# Dream Engineering Jobs



## Satanic Mechanic (Feb 23, 2009)

For me it would be NASA's Jet propulsion lab - biggest toys ever


----------



## trucker (Oct 6, 2008)

*cotten thread*

cotten thread changer in a sewing machine factory.(Jester)


----------



## John Briggs (Feb 12, 2006)

On the bridge, looking after the kettle! (Jester)


----------



## Satanic Mechanic (Feb 23, 2009)

John Briggs said:


> On the bridge, looking after the kettle! (Jester)


Always good to see ambition (==D)


----------



## MARINEJOCKY (Nov 25, 2007)

SM, 

Thought this may help us get rid of you (*))

"JPL is an Equal Opportunity Employer devoted to workforce diversity.

If you are interested in applying for employment with Jet Propulsion Laboratory and need special assistance or an accommodation to apply for a posted position, contact our Human Resources department at (818) 354-5150."


----------



## Satanic Mechanic (Feb 23, 2009)

Oh I wish MJ - but sometimes you've got to face the cold facts and that is I am nowhere near the calibre or indeed type of Engineer that gets those sort of jobs. 

I have watched loads of programs on JPL and it just looks exciting stuff with big toys and an environment to use your imagination.

I'm hoping to get a look at one of their places though as Mrs Satanics cousins sister in law works with them - so you never know MJ they might be so impressed by my in depth knowledge of Heavy Fuel Oil purification they just snap me up - aye right


----------



## Billieboy (May 18, 2009)

I had one for 24+ years, first as valve expert and then Ship Repair Manager, I always walked off just as the vessel was sailing; or left with the pilot. 

*Exhilarating!*


----------



## shamrock (May 16, 2009)

My dream job was to become a flightline engine fitter in the RAF. I passed all the entry exams etc only to have mother tell me that it was 'no job for a lady'. This was back in the 1980's. So I went into construction instead, looking after towercrane installation before moving onto driving artics for a living. I still have an interest of sorts in my old dream job, I have studied aircrashes for the last 30 years as I am very curious about mechanical things that don't work and why they stopped working. I also rebuilt engines in my cars too as a hobby, so although I never managed to get up to the armpits in an aircraft engine, I did tinker with car engines occasionally and I once helped restore a B25 Mitchell bomber....and I never did do a job more suitable to a 'lady'


----------



## gordy (Apr 18, 2008)

I had one for too short a time. In a small boatyard in Lymington, outboard motors, and small inboards.

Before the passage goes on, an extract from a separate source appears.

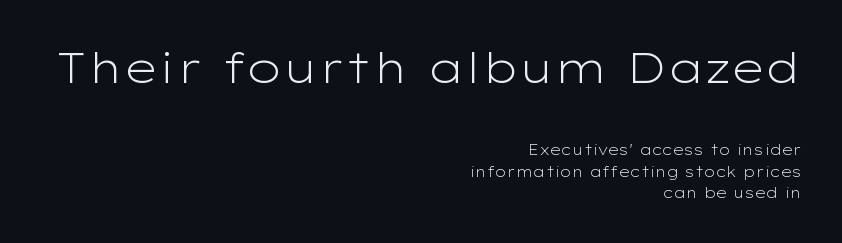
{"serif": "no", "italic": "no", "bold": "no", "weight": "light", "width": "wide", "stroke_contrast": "low", "x_height": "medium", "monospaced": "no", "underline": "no", "align": "right", "line_spacing": "normal", "line_spacing_ratio": 1.55, "letter_spacing": "normal", "letter_spacing_em": 0.0, "larger_block": "first", "size_ratio": 3.07, "glyph_px": 43}

Messing about in boats all day and getting paid for it.
What happened? 
I got married! 
She got homesick and dragged me back to Scotland.
We're still together after 38 years though!


----------



## paullad1984 (Jun 6, 2008)

Snow clearence officer at Bermuda Airport. :-D


----------



## billyboy (Jul 6, 2005)

Condom tester for Ann Summers.

I worked as a mechanic/Engineer for a private bus company for almost 14 years of and on. rebuilding Leyland 600's


----------



## chadburn (Jun 2, 2008)

Chief Engineer at Tannocks, test one, pack one.


----------



## Footitt's Folly (May 21, 2009)

(Gleam) Systems engineering safety and reliability - working for an electronics company.


----------



## R58484956 (Apr 19, 2004)

Staff Chief Engineer on the old Queens. Never, never went anywhere near the ER,possibly never knew where they were.


----------